*WHAT YOU ARE ASKED TO DO*.
Go through the following data and transcribe exactly the stretch of lines from the one holding "hfov_deg=35.7. Metres; depth" to the one holding "Which object or surface is at (263, 423)?", both included.

*DATA PROVIDED*.
————————

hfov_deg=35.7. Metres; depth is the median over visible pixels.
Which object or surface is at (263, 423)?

————————

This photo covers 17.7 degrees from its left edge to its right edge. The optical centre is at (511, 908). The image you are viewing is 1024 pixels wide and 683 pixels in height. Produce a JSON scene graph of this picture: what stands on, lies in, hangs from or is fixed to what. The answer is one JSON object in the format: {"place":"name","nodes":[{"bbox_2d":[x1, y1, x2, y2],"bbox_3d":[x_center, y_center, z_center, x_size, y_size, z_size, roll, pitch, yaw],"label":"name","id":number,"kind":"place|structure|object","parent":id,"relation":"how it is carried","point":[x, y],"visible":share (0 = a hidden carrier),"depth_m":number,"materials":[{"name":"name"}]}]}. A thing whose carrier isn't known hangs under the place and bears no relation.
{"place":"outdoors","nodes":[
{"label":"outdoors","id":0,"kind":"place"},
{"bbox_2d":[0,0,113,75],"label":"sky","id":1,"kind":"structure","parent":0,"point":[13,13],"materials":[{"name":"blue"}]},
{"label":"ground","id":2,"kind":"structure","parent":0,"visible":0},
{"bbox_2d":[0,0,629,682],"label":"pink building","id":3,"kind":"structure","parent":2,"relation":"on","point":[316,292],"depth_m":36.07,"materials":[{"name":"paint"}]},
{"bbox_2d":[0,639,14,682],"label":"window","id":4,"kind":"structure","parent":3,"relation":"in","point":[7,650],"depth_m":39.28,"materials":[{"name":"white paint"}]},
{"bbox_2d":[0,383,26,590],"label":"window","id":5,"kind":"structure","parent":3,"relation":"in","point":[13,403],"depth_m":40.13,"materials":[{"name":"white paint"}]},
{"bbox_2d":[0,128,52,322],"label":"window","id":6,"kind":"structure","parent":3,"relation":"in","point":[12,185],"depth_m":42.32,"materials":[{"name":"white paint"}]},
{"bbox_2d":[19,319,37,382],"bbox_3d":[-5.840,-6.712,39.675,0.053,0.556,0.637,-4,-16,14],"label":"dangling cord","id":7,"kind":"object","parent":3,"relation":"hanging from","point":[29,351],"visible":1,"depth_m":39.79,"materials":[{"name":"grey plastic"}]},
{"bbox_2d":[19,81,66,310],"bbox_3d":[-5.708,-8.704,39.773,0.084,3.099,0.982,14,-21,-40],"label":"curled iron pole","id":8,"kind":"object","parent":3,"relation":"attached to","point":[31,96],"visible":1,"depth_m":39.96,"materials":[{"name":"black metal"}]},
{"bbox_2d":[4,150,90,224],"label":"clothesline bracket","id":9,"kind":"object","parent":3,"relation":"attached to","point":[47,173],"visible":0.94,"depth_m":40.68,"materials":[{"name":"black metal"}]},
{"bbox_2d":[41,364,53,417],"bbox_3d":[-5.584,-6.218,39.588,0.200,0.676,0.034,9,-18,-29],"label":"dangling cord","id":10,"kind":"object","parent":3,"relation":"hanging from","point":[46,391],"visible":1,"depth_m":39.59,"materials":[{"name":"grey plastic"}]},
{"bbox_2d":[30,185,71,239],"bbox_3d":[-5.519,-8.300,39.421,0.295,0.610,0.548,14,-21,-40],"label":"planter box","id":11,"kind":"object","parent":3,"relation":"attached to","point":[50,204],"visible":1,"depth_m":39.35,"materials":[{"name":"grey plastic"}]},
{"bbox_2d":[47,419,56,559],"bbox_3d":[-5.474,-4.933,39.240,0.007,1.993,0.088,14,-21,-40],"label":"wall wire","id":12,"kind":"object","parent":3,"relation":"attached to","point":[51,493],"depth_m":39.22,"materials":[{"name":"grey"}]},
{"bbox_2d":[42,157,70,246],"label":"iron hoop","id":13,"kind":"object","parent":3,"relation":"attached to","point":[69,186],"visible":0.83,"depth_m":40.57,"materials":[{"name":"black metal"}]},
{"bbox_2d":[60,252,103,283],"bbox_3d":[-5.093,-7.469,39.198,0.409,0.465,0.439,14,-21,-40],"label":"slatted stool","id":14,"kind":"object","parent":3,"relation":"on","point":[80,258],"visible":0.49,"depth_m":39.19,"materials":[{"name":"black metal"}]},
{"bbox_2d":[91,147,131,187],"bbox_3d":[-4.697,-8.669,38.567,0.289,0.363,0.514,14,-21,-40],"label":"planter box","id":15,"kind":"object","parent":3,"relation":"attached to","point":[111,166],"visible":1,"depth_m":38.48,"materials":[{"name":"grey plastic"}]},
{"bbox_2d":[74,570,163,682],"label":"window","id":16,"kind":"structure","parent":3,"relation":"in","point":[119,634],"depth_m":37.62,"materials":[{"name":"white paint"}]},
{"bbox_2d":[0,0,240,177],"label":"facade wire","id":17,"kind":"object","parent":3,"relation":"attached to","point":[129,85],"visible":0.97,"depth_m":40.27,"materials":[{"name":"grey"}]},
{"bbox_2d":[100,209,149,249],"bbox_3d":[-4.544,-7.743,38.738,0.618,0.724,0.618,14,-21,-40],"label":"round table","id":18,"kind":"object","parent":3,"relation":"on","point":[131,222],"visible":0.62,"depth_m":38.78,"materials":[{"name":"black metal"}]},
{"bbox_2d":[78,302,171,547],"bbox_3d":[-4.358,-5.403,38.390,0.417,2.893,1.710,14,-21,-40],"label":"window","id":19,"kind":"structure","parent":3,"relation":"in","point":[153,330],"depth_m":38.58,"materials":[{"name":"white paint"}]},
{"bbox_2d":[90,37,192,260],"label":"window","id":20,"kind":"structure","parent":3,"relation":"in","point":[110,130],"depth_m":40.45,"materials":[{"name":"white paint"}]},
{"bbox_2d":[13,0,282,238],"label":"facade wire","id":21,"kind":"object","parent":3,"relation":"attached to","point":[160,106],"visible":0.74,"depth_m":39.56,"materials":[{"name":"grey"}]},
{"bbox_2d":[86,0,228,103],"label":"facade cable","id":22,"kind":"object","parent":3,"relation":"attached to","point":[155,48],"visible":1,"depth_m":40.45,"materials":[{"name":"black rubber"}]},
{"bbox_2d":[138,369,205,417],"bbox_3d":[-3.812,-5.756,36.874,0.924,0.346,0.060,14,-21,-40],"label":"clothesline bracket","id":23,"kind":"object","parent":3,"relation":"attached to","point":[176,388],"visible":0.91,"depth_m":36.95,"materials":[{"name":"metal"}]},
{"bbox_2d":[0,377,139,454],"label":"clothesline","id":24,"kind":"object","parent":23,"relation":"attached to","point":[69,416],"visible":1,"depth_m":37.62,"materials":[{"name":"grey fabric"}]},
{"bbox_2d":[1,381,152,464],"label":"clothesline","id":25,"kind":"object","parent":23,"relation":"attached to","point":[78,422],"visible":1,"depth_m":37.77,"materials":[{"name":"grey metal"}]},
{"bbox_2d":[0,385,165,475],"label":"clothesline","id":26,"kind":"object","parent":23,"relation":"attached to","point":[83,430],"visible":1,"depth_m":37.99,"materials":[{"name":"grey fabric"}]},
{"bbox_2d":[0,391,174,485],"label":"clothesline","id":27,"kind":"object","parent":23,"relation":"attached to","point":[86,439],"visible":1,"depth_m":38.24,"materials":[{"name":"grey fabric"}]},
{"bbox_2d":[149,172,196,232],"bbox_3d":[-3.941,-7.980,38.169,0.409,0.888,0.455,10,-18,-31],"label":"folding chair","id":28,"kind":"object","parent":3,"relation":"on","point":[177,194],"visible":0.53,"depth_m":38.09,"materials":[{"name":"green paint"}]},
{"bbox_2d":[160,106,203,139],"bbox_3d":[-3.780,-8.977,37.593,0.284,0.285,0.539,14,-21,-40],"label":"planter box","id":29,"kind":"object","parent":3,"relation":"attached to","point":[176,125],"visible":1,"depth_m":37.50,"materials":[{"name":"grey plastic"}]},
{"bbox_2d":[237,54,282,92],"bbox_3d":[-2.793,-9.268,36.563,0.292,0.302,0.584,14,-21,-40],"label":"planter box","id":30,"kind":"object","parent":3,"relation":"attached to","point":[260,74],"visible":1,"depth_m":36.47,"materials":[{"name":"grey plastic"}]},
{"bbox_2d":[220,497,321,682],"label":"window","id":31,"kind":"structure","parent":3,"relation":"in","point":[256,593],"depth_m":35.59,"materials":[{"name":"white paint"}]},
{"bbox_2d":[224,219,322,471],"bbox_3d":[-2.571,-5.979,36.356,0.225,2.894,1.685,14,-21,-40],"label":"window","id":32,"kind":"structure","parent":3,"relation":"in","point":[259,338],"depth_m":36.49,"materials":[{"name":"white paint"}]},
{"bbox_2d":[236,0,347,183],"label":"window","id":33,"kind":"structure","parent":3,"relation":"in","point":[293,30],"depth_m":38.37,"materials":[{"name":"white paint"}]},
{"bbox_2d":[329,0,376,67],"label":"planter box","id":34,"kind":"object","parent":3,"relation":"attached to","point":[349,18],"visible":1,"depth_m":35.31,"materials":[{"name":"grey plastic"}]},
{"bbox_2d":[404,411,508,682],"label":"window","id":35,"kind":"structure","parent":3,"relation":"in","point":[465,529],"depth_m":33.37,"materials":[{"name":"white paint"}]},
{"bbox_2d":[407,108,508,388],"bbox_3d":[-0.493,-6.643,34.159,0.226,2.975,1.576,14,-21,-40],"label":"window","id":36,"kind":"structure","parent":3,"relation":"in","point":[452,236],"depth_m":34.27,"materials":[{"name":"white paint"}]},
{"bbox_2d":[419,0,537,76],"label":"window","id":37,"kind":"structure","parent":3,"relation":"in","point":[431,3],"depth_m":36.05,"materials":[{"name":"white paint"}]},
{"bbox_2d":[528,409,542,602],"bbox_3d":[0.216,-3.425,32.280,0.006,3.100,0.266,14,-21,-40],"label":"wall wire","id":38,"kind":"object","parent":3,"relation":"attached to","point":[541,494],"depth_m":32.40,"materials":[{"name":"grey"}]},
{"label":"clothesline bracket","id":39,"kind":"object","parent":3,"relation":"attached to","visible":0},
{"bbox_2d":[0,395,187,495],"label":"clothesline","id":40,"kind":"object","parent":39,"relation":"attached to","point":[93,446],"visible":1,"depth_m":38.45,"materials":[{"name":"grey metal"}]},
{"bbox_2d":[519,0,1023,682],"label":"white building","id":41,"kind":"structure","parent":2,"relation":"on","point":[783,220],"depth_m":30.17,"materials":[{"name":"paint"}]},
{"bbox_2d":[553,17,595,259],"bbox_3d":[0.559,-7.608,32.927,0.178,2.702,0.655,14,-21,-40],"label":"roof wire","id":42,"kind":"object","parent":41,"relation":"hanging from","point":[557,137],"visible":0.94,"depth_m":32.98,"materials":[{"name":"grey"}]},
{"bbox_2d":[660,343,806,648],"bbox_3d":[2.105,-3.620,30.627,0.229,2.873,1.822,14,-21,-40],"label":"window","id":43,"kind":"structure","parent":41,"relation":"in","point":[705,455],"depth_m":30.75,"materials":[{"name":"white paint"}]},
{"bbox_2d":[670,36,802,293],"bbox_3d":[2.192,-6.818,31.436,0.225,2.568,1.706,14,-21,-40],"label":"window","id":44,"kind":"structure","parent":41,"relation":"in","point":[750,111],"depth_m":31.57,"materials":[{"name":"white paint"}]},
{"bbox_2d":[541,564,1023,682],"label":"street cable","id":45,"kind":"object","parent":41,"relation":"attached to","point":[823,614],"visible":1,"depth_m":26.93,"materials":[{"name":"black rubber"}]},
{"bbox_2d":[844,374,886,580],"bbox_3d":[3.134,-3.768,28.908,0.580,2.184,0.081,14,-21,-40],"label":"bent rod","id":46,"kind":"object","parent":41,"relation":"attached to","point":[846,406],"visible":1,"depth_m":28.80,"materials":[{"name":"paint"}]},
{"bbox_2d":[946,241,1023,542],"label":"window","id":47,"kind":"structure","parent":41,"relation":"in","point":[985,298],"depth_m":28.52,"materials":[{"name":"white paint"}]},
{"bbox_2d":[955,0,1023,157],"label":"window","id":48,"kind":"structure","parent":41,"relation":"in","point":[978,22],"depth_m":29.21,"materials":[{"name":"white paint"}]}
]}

————————

*ANSWER SECTION*.
hfov_deg=35.7. Metres; depth is the median over visible pixels.
Which object or surface is at (263, 423)?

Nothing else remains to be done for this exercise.